C++ implementation of python unicodedata library

439 Views Asked by At

New user here, please be gentle.

we are looking to implement a piece of python code in c++, but it involves some intricate unicode library called unicodedata, in particular this function

unicodedata.category('A')  # 'L'etter, 'u'ppercase
'Lu'

Any chance that this can be readily achieved in c++? Would embedding compiled python code in c++ be worthwhile, assuming we want to do this in the context of online tensorflow model serving?
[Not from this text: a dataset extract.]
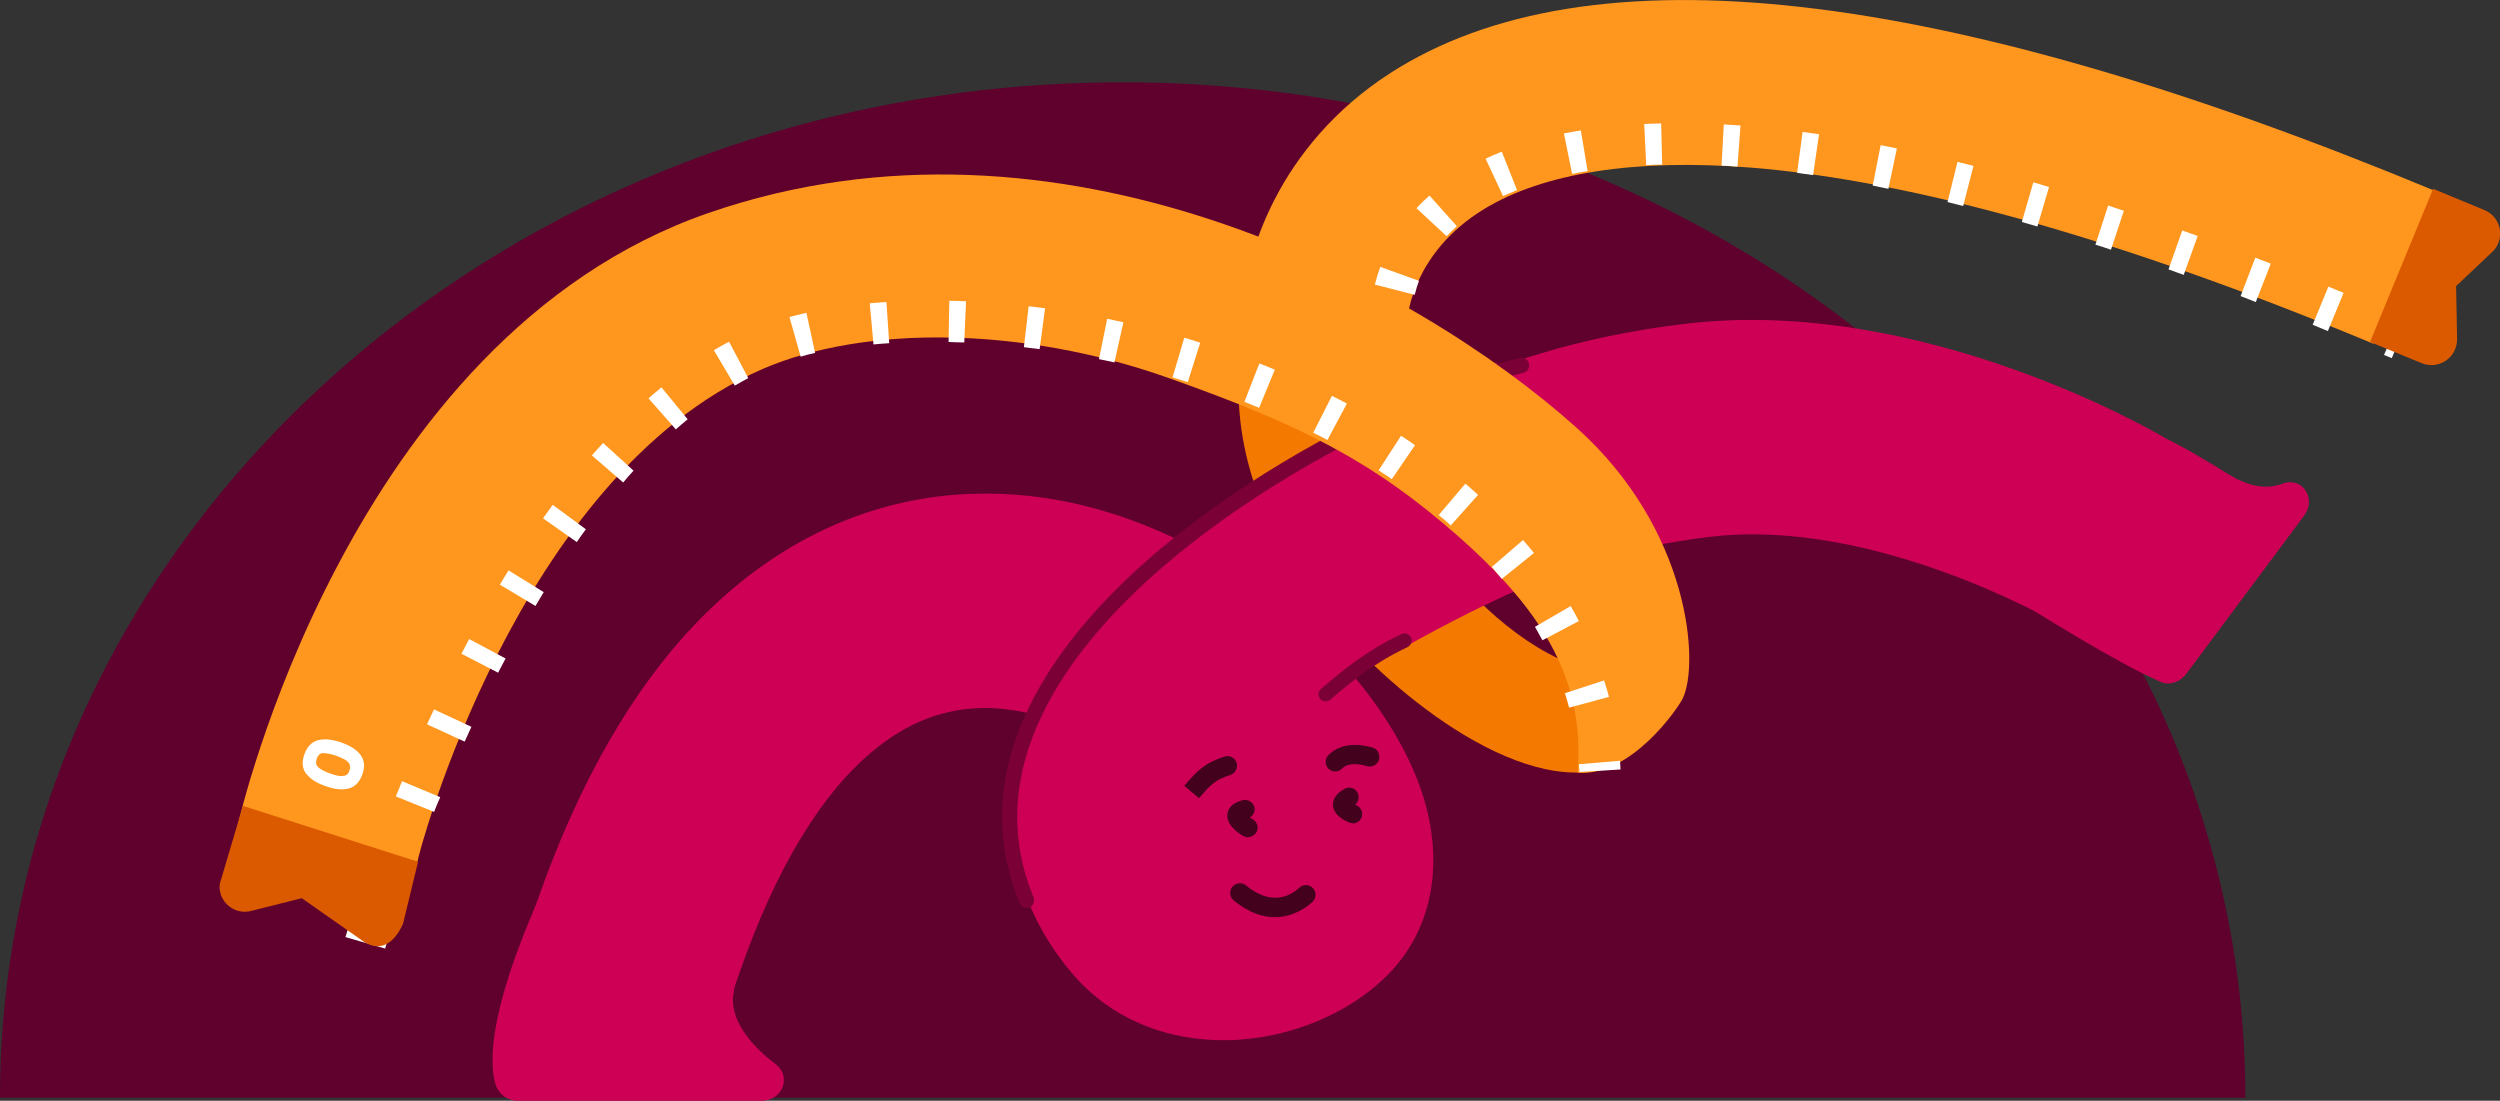<?xml version="1.0" encoding="UTF-8"?> <svg xmlns="http://www.w3.org/2000/svg" id="Laag_1" version="1.1" viewBox="0 0 1002.3 441.3"><rect x="0" y="0" width="1002.3" height="441.3" fill="#333333" stroke="none"/><defs><style> .st0 { fill: #43011d; } .st1 { fill: #5f002d; } .st2 { fill: #fff; } .st3 { fill: #ff961e; } .st4 { fill: #db5a00; } .st5 { fill: #7b0036; } .st6 { fill: #cd0056; } .st7 { fill: #f47900; } </style></defs><path class="st1" d="M0,440.1C0,215.3,201.5,33,450.1,33s450.1,182.2,450.1,407.1H0Z"></path><path class="st6" d="M896,191.7c2.9,1.2,10.3,5.5,19.2,2.2,7.8-2.9,13.7,5.9,8.6,12.8l-47.3,63.5c-2.5,3.3-6.7,4.7-10.2,3.2-17.7-7.6-52.2-29.4-52.2-29.4-1.3-1.7.4-4,0-6.3-.3-2.3.5-4.8,1.4-7.1,4.7-12,12-55.5,24.8-61.3,13.7-6.1,51.7,20.6,55.6,22.2h0Z"></path><path class="st6" d="M294,398.6c-1.6,11.5,9.1,22.1,16.9,28,6.9,5.2,2.5,15.3-6.3,14.7h-97.6c-4.3-.3-7.5-3.3-8.5-7.1-7.4-28.9,27.5-94.9,27.5-94.9,0,0,5.5,18.6,8,18.1,13.1-2.7,38.1-8.7,50.3-.7,13,8.5,11.5,30.3,9.8,41.8h0Z"></path><path class="st6" d="M282.3,430.4l-81.2-28.3,14.2-40.6c18.5-52.9,43.2-93.8,73.7-121.3,29-26.3,63.6-40.9,100.3-42.2,31.9-1.2,60,7.4,82.5,18.2,24.4-18.8,51.6-34.7,89.2-52.5l38.9-18.4,36.8,77.7-38.9,18.4c-22.1,10.5-39.7,20-54.9,29.8,10.1,12.1,18.2,24.8,23.7,37.4,13.7,31.5,9.7,62.4-10.5,82.5-16.9,16.8-43.1,26.7-68.5,25.9-22.5-.7-42.5-9.6-56.3-25.1-18.5-20.8-27.7-46.8-25.8-73.3.8-11.6,3.6-22.5,7.6-32.5-4.1-1-8.2-1.6-12.1-2-18.2-1.5-34.5,3.7-49.7,15.9-21.6,17.3-40,47.5-54.8,89.9l-14.2,40.6h0ZM495.5,334.7h0ZM496.1,329.5h0Z"></path><path class="st7" d="M642.1,308.6c-38,9-91.4-37.1-112.5-65.4-20.3-26.3-34.7-58.8-32.9-93.1.6-12.2,3.4-24.5,8-35.9l53.1,23.3c-12.6,25.4-2.7,52.8,12.5,76.2,14,20.7,35.7,43.1,59.1,52.3,1.2.4,2.3.7,3,.8.7.2.8.1,0,.4l9.8,41.4h0Z"></path><path class="st6" d="M480.6,321l-55.7-65.5,32.8-27.9c26.6-22.6,63.8-45.3,110.7-67.5.9-.4,1.8-.8,2.8-1.2,2.7-1.1,5.7-2.3,8.8-3.5,20.8-8.4,49.2-20,95.7-25.6,94.5-11.3,187.9,43.2,191.8,45.5l-43.8,74h0c-.7-.4-72.7-41.9-137.9-34.1-35,4.2-54.6,12.2-73.6,19.9-2.8,1.1-5.6,2.3-8.5,3.4-39.4,18.8-69.9,37.1-90.5,54.7l-32.8,27.9h0Z"></path><path class="st5" d="M411.7,364c-1.2,0-2.4-.7-2.9-1.9-10.8-26.1-9.2-53.2,4.8-80.7,36.6-72,147.3-126.2,195.7-137.9,1.7-.4,3.3.6,3.7,2.3s-.6,3.3-2.3,3.7c-21.2,5.1-60.4,20.3-101.3,46.1-30.5,19.2-70.9,50.2-90.4,88.6-13.1,25.8-14.7,51.2-4.6,75.6.6,1.6-.1,3.4-1.7,4-.4.2-.8.2-1.2.2h0Z"></path><path class="st3" d="M951.5,137.8c-100-41.6-184-65.3-249.5-70.6-46.3-3.7-83.4,2.1-107.3,16.8-28.1,17.3-30.3,42.5-30.4,43.6,0-.4,0-.6,0-.6l-66.1-2.2c.7-21.8,14-66.4,59.2-95.5,79.5-51.2,220.6-35.2,419.5,47.5l-25.4,61.1h0Z"></path><path class="st2" d="M549.7,149.5c-.2,0-.4,0-.6,0-3.3-.2-6.2-2.2-7.6-5.3l10.3-4.5,6.7,4c-2.8,4.8-6.3,5.9-8.9,5.9h0ZM544.3,135.3h0c0-.1,0-.1,0-.1,0,0,0,0,0,.1Z"></path><path class="st2" d="M933.2,132.7c-2-.8-4-1.7-6-2.5l6.3-15.3c2,.8,4,1.7,6.1,2.5l-6.3,15.3h0ZM904.4,121.1c-2-.8-4.1-1.6-6.1-2.4l5.9-15.4c2,.8,4.1,1.6,6.2,2.4l-6,15.4h0ZM567.2,118.2l-16-4.1.2-.7c.5-2.1,1.2-4.3,2-6.4l15.5,5.6c-.6,1.6-1.1,3.2-1.5,4.8l-.2.7h0ZM875.5,110.2c-2.1-.7-4.1-1.5-6.1-2.2l5.5-15.6c2.1.7,4.1,1.5,6.2,2.2l-5.6,15.6ZM846.3,100.1c-2.1-.7-4.1-1.4-6.2-2l5.1-15.7c2.1.7,4.2,1.4,6.3,2.1l-5.2,15.7h0ZM580,94.7l-12.1-11.2c1.6-1.8,3.4-3.5,5.2-5.1l11,12.3c-1.5,1.3-2.8,2.6-4.1,4h0ZM816.8,90.8c-2.1-.6-4.2-1.2-6.2-1.8l4.6-15.9c2.1.6,4.2,1.2,6.3,1.9l-4.7,15.9ZM787.1,82.6c-2.1-.5-4.2-1.1-6.3-1.6l4-16.1c2.1.5,4.3,1.1,6.4,1.6l-4.1,16ZM602.6,78.6l-7-15c2.1-1,4.2-1.9,6.5-2.8l6.1,15.4c-1.9.8-3.8,1.6-5.6,2.4h0ZM757.1,75.7c-2.1-.4-4.2-.9-6.3-1.3l3.2-16.2c2.2.4,4.3.9,6.5,1.3l-3.4,16.2h0ZM726.9,70.2c-2.2-.3-4.3-.6-6.4-.9l2.2-16.4c2.2.3,4.4.6,6.6.9l-2.4,16.4ZM630.3,69.7l-3.3-16.2c2.2-.4,4.5-.9,6.8-1.2l2.7,16.3c-2.1.3-4.1.7-6.1,1.1ZM696.6,66.8c-2.2-.2-4.3-.3-6.4-.4l.9-16.5c2.2.1,4.4.3,6.7.4l-1.2,16.5h0ZM660,66.2l-.8-16.5c2.2-.1,4.5-.2,6.8-.2l.4,16.5c-2.1,0-4.3.1-6.3.2h0Z"></path><polygon class="st2" points="958.9 143.6 955.8 142.3 962.4 127.1 965.4 128.4 958.9 143.6"></polygon><path class="st3" d="M167.6,345.5l-72.1-15.3s43.6-194.6,188.5-244.8c140.2-48.5,282.6,27.5,348,86,45.8,41,49.4,94.9,42.6,108.7-1.9,3.9-20.7,31.4-42.1,29.7h0c2.8-35.5-12.1-63.1-47.2-94.2s-64.6-45.6-117.5-64.3c-57.8-20.4-121.3-21.1-162.2-3.3-98.7,43.1-138.2,195.7-138.2,197.3h0Z"></path><path class="st2" d="M154.4,380.3l-15.9-4.6s.3-1.1,1-3.3l15.8,4.9c-.6,1.9-.9,3-.9,3h0Z"></path><path class="st2" d="M163,354.3l-15.6-5.6c.7-2,1.5-4.1,2.3-6.2l15.5,5.7c-.8,2.1-1.5,4.1-2.2,6.1h0ZM174,325.5l-15.3-6.2c.8-2,1.7-4.1,2.5-6.1l15.3,6.4c-.9,2-1.7,4-2.5,6h0ZM186.2,297.3l-15-6.9c.9-2,1.9-4,2.8-6l15,7c-.9,2-1.8,3.9-2.7,5.9h0ZM629.1,283.8c-.5-2-1.1-4-1.7-5.9l15.7-5.1c.7,2.2,1.4,4.4,2,6.6l-16,4.3h0ZM199.7,269.7l-14.7-7.6c1-2,2.1-3.9,3.1-5.9l14.6,7.8c-1,1.9-2,3.8-3,5.7h0ZM618.4,256.7c-1-1.8-2-3.6-3-5.4l14.3-8.3c1.2,2,2.3,4,3.3,6l-14.6,7.7h0ZM214.6,242.9l-14.2-8.5c1.1-1.9,2.3-3.8,3.5-5.7l14.1,8.7c-1.1,1.8-2.2,3.6-3.3,5.5ZM602.1,232.1c-1.3-1.6-2.6-3.2-4-4.8l12.5-10.8c1.5,1.7,3,3.5,4.4,5.2l-12.9,10.4ZM231.2,217.3l-13.5-9.5c1.3-1.8,2.6-3.6,3.9-5.4l13.3,9.8c-1.3,1.7-2.5,3.4-3.7,5.2h0ZM581.6,210.6c-1.5-1.4-3.2-2.8-4.8-4.1l10.7-12.6c1.7,1.5,3.5,3,5.1,4.5l-11,12.3h0ZM249.8,193.4l-12.5-10.8c1.5-1.7,3-3.4,4.5-5l12.2,11.1c-1.4,1.5-2.8,3.1-4.2,4.8h0ZM558,192.1c-1.7-1.2-3.5-2.4-5.3-3.5l9-13.9c1.9,1.2,3.8,2.5,5.6,3.8l-9.3,13.6h0ZM532.2,176.4c-1.9-1-3.8-2-5.7-2.9l7.5-14.8c2,1,4,2,6,3.1l-7.8,14.6ZM270.9,172.1l-10.9-12.4c1.7-1.5,3.5-3,5.2-4.4l10.5,12.8c-1.6,1.3-3.2,2.7-4.8,4.1h0ZM504.8,163.5c-2-.8-4-1.6-5.9-2.4l6-15.4c2.1.8,4.2,1.7,6.2,2.5l-6.3,15.3h0ZM294.6,154.6l-8.4-14.2c2-1.2,4-2.3,6.1-3.4l7.7,14.6c-1.8.9-3.6,2-5.4,3h0ZM476.2,153.2c-2-.6-4.1-1.3-6.1-1.9l4.7-15.9c2.1.6,4.3,1.3,6.4,2l-5,15.8h0ZM446.8,145.3c-2.1-.5-4.2-.9-6.2-1.3l3.3-16.2c2.2.5,4.4.9,6.5,1.4l-3.6,16.1ZM321,143l-4.5-15.9c2.3-.6,4.6-1.2,6.8-1.7l3.5,16.1c-1.9.4-3.9.9-5.8,1.5h0ZM416.9,140c-2.1-.3-4.2-.5-6.4-.8l1.9-16.4c2.2.2,4.4.5,6.6.8l-2.2,16.4h0ZM350.2,138.1l-1.5-16.5c2.2-.2,4.5-.4,6.7-.5l1.1,16.5c-2.1.1-4.2.3-6.3.5h0ZM386.7,137.3c-2.1,0-4.3-.1-6.4-.2l.3-16.5c2.2,0,4.5.1,6.7.2l-.7,16.5h0Z"></path><path class="st2" d="M633.2,309.5c0-1-.1-2.1-.2-3.1l16.5-1.4c0,1.2.2,2.3.2,3.5l-16.5,1h0Z"></path><path class="st4" d="M146.5,378l-25.5-17.9-19.9,5c-6.9,2.1-13.8-3.5-13-10.7l9.3-31.3,70.2,22.4-6,24.8c-3.4,7.7-8.8,11.3-15.1,7.6h0Z"></path><path class="st4" d="M999.1,101.1l-14.4,13.6.4,21.2c.1,7.4-7.3,12.5-14.2,9.7l-20.7-8.5,25.3-61.4,20.5,8.5c6.9,2.8,8.6,11.8,3.1,16.9h0Z"></path><path class="st0" d="M542.4,330c-.5,0-.9,0-1.4-.2-1.5-.6-6.4-2.8-6.6-7,0-1.9.7-4.5,4.8-6.6,1.9-1,4.2-.2,5.1,1.7.8,1.6.4,3.6-1,4.7.1,0,.2.1.4.2,2,.8,2.9,3,2.2,4.9-.6,1.5-2,2.4-3.6,2.5h0ZM541.8,323.5h0Z"></path><path class="st0" d="M500.4,335.7c-.6,0-1.3-.2-1.9-.5-2.1-1.2-7-4.5-6.4-8.9.2-1.9,1.5-4.3,6.1-5.5,2-.5,4.1.7,4.7,2.7.4,1.7-.3,3.4-1.8,4.2.4.3.8.6,1.2.8,1.8,1.1,2.5,3.4,1.4,5.2-.7,1.2-2,1.9-3.3,1.9h0ZM499.1,328.6h0Z"></path><path class="st0" d="M535.3,309.3c-1,0-2-.4-2.7-1.1-1.5-1.5-1.5-4,0-5.5,6.7-6.8,17.5-3,17.9-2.9,2,.7,3,3,2.3,5-.7,2-3,3-5,2.3,0,0-6.6-2.2-9.7,1-.8.8-1.8,1.2-2.8,1.2h0Z"></path><path class="st0" d="M480.7,320l-3-2.5-2.9-2.5c5.2-5.9,8-9.1,16.2-11.7,2-.6,4.2.5,4.8,2.5.6,2-.5,4.2-2.5,4.9-6.1,1.9-7.9,3.9-12.6,9.3h0Z"></path><path class="st0" d="M511,367.7c-4.8,0-10.3-1.7-16.4-6.7-1.6-1.4-1.9-3.8-.5-5.5,1.4-1.6,3.8-1.9,5.5-.5,10.2,8.4,17.7,4.2,21.3.9,1.6-1.5,4-1.4,5.5.2,1.5,1.6,1.3,4-.2,5.5-2.1,1.9-7.5,6.1-15,6.1h0Z"></path><path class="st5" d="M531.4,281.2c-.8,0-1.6-.3-2.1-1-1-1.2-.9-3,.3-4,8.7-7.5,18.3-15.4,32.3-22,1.4-.7,3.1,0,3.8,1.4.7,1.4,0,3.1-1.3,3.8-13.4,6.3-22.7,13.9-31,21.1-.5.5-1.2.7-1.8.7h0Z"></path><path class="st2" d="M122.8,310.3c-1.6-2.1-1.9-4.7-.8-7.8s2.9-5,5.4-5.7c2.6-.7,5.6-.4,9.2.8,3.6,1.2,6.3,2.9,7.9,5,1.6,2.1,1.9,4.7.8,7.8s-2.9,5-5.4,5.7c-2.6.7-5.6.4-9.3-.9-3.6-1.2-6.2-2.9-7.8-5h0ZM129.7,301.9c-1.3,0-2.2.8-2.7,2.3-.5,1.5-.3,2.6.7,3.5,1,.9,2.5,1.6,4.6,2.4,1.4.5,2.6.8,3.6,1,1,.1,1.9,0,2.6-.2s1.3-1,1.6-2c.4-1,.3-1.9,0-2.6-.4-.7-1-1.3-1.9-1.8-.9-.5-2-1-3.4-1.5-2.1-.7-3.8-1.1-5.1-1h0Z"></path></svg>

Thanks!

1

There are 1 best solutions below

2
On

Just stick the output of this Python code into a C++ source file:

import unicodedata

print('typedef enum {Cn, Cc, Cf, Co, Cs, Ll, Lm, Lo, Lt, Lu, Mc, Me, Mn, Nd, Nl, No, Pc, Pd, Pe, Pf, Pi, Po, Ps, Sc, Sk, Sm, So, Zl, Zp, Zs} CATEGORY_e;')
print('const CATEGORY_e CHAR_CATEGORIES[] = {%s};' % ', '.join(unicodedata.category(chr(codepoint)) for codepoint in range(0x110000)))

(If you are still using Python 2.x instead of 3.x, replace chr with unichr.)

You now have a convenient lookup table of Unicode character categories to use in your C++ programs.